▶ [TASK TO COMPLETE] When a line in the entries below contains the word "flush", copy that line.

▶ [RECORDS FOR THIS TASK]

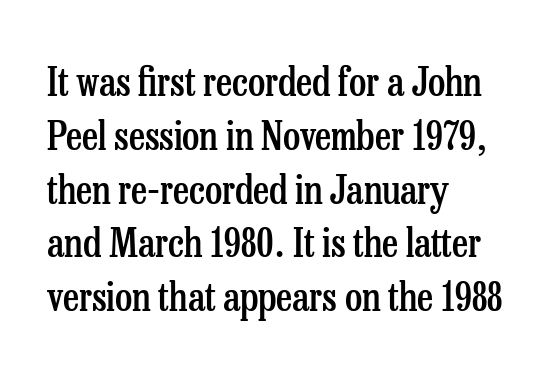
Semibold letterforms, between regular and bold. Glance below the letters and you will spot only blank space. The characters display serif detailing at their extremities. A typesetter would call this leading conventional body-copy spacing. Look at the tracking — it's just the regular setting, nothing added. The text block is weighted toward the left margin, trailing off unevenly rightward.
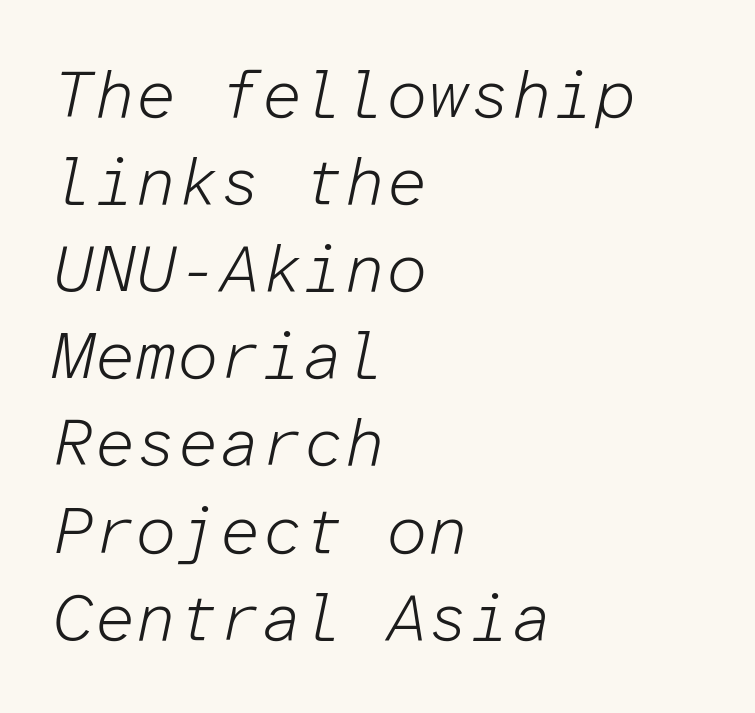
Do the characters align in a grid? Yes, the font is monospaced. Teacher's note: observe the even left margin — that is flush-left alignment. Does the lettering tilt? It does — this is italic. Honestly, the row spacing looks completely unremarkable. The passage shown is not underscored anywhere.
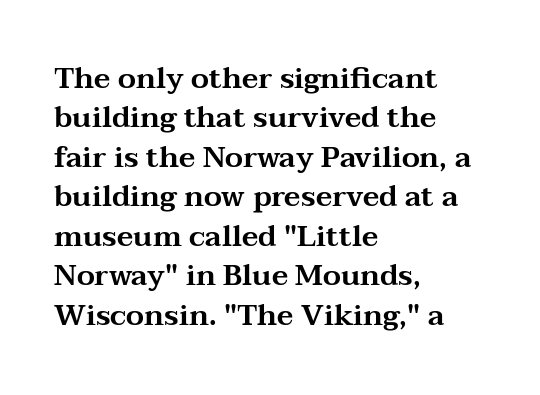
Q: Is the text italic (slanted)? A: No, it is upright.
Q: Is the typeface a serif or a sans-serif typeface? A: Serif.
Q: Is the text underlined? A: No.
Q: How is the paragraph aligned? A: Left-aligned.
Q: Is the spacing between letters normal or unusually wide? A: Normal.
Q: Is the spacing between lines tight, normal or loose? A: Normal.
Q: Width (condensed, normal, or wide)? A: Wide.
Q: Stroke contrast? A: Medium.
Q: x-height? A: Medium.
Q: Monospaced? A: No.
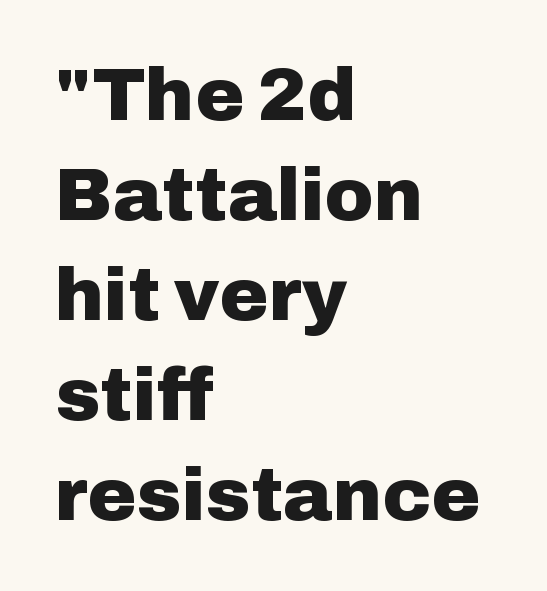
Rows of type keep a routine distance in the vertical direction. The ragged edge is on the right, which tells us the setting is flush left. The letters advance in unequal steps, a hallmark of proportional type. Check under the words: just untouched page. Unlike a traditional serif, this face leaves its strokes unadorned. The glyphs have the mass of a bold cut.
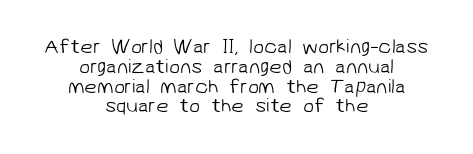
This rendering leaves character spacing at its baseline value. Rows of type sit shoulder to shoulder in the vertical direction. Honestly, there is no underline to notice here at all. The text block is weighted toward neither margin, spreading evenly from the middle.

==

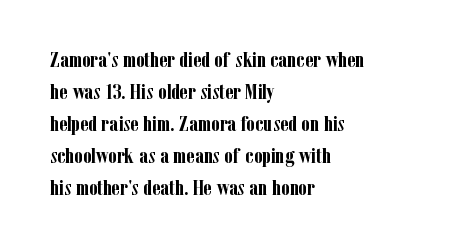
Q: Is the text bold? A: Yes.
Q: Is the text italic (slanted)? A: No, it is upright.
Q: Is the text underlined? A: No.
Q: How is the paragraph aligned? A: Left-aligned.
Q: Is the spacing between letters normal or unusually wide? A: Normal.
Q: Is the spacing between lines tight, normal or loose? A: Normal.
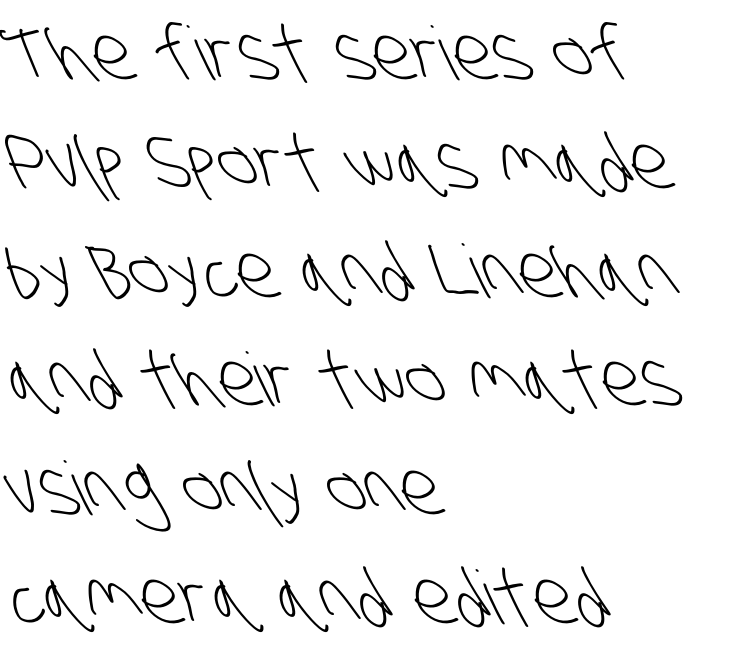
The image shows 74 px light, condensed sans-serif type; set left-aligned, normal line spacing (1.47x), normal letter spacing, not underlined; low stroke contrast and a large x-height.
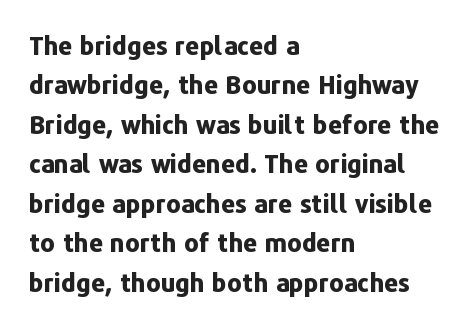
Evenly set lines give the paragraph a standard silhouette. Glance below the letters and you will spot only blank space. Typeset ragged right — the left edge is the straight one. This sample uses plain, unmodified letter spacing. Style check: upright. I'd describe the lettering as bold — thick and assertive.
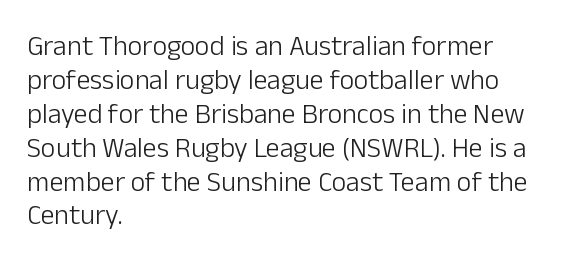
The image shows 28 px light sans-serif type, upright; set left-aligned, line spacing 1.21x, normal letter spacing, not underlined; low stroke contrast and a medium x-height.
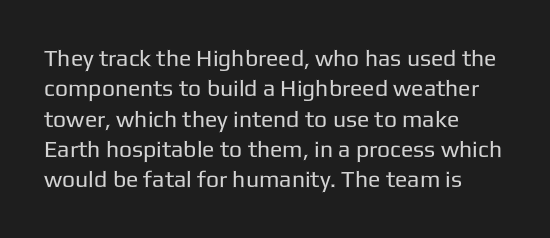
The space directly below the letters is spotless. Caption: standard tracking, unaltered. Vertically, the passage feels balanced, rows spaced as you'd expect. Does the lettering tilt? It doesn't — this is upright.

* * *

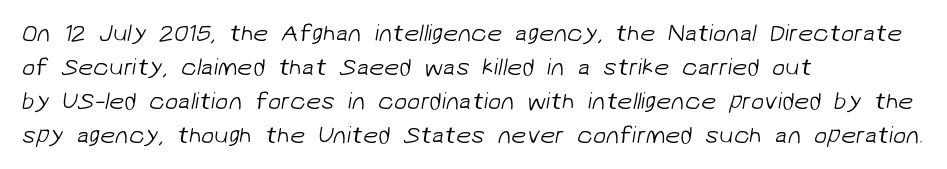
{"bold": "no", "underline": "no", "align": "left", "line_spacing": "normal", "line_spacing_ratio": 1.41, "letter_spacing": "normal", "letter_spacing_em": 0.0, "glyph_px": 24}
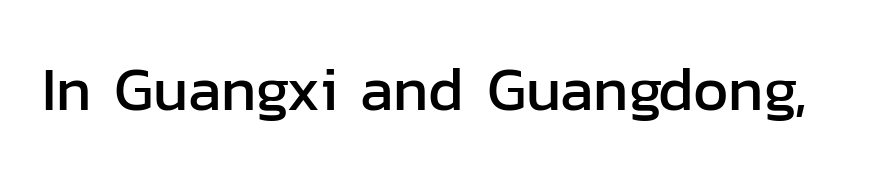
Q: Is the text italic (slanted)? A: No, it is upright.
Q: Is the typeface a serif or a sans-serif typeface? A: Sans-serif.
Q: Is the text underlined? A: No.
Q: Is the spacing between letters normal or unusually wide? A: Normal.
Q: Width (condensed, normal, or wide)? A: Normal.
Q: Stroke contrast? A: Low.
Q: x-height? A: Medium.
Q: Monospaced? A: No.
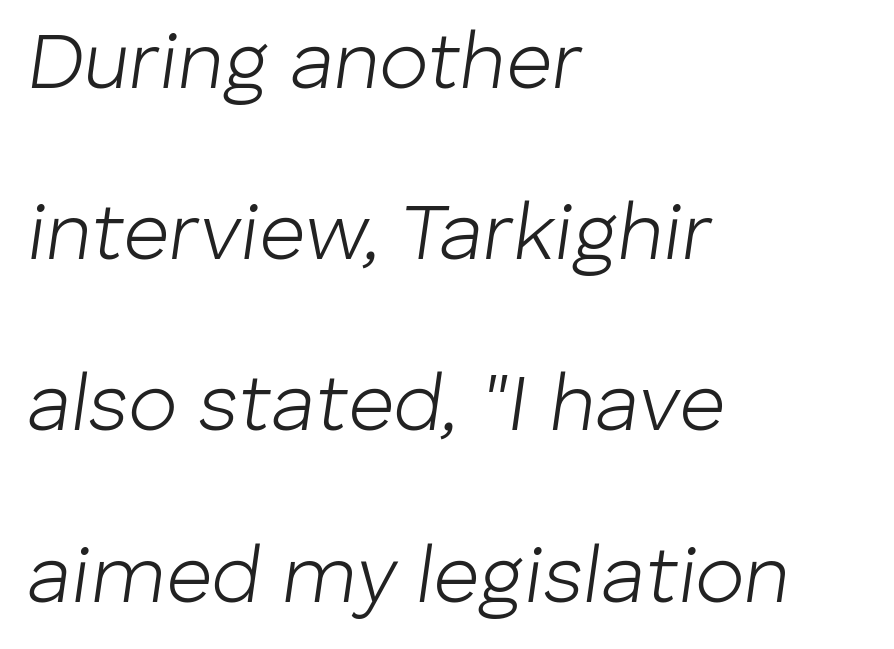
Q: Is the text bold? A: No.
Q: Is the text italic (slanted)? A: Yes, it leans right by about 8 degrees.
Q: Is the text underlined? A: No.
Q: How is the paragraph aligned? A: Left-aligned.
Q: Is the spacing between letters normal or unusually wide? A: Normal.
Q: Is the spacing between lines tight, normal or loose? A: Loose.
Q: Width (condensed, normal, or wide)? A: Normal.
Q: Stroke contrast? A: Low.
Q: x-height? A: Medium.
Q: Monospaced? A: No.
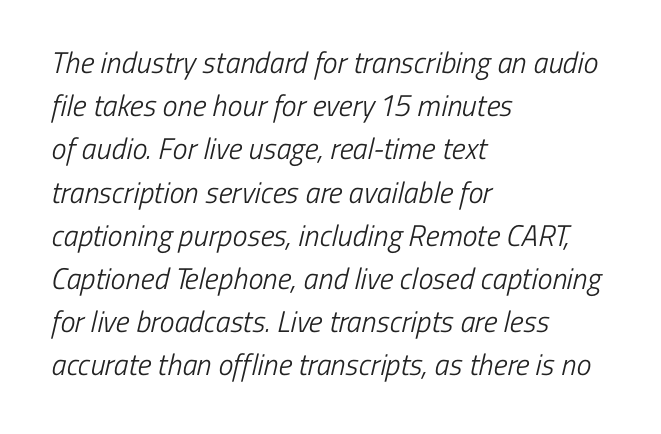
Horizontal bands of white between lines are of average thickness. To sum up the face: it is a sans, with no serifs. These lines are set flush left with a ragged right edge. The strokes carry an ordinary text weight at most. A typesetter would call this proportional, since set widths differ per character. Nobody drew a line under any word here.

▶ [OUTPUT FOR THIS EXERCISE]
Do the characters align in a grid? Yes, the font is monospaced. Teacher's note: observe the even left margin — that is flush-left alignment. Does the lettering tilt? It does — this is italic. Honestly, the row spacing looks completely unremarkable. The passage shown is not underscored anywhere.
Rows of type keep a routine distance in the vertical direction. The ragged edge is on the right, which tells us the setting is flush left. The letters advance in unequal steps, a hallmark of proportional type. Check under the words: just untouched page. Unlike a traditional serif, this face leaves its strokes unadorned. The glyphs have the mass of a bold cut.
Horizontal bands of white between lines are of average thickness. To sum up the face: it is a sans, with no serifs. These lines are set flush left with a ragged right edge. The strokes carry an ordinary text weight at most. A typesetter would call this proportional, since set widths differ per character. Nobody drew a line under any word here.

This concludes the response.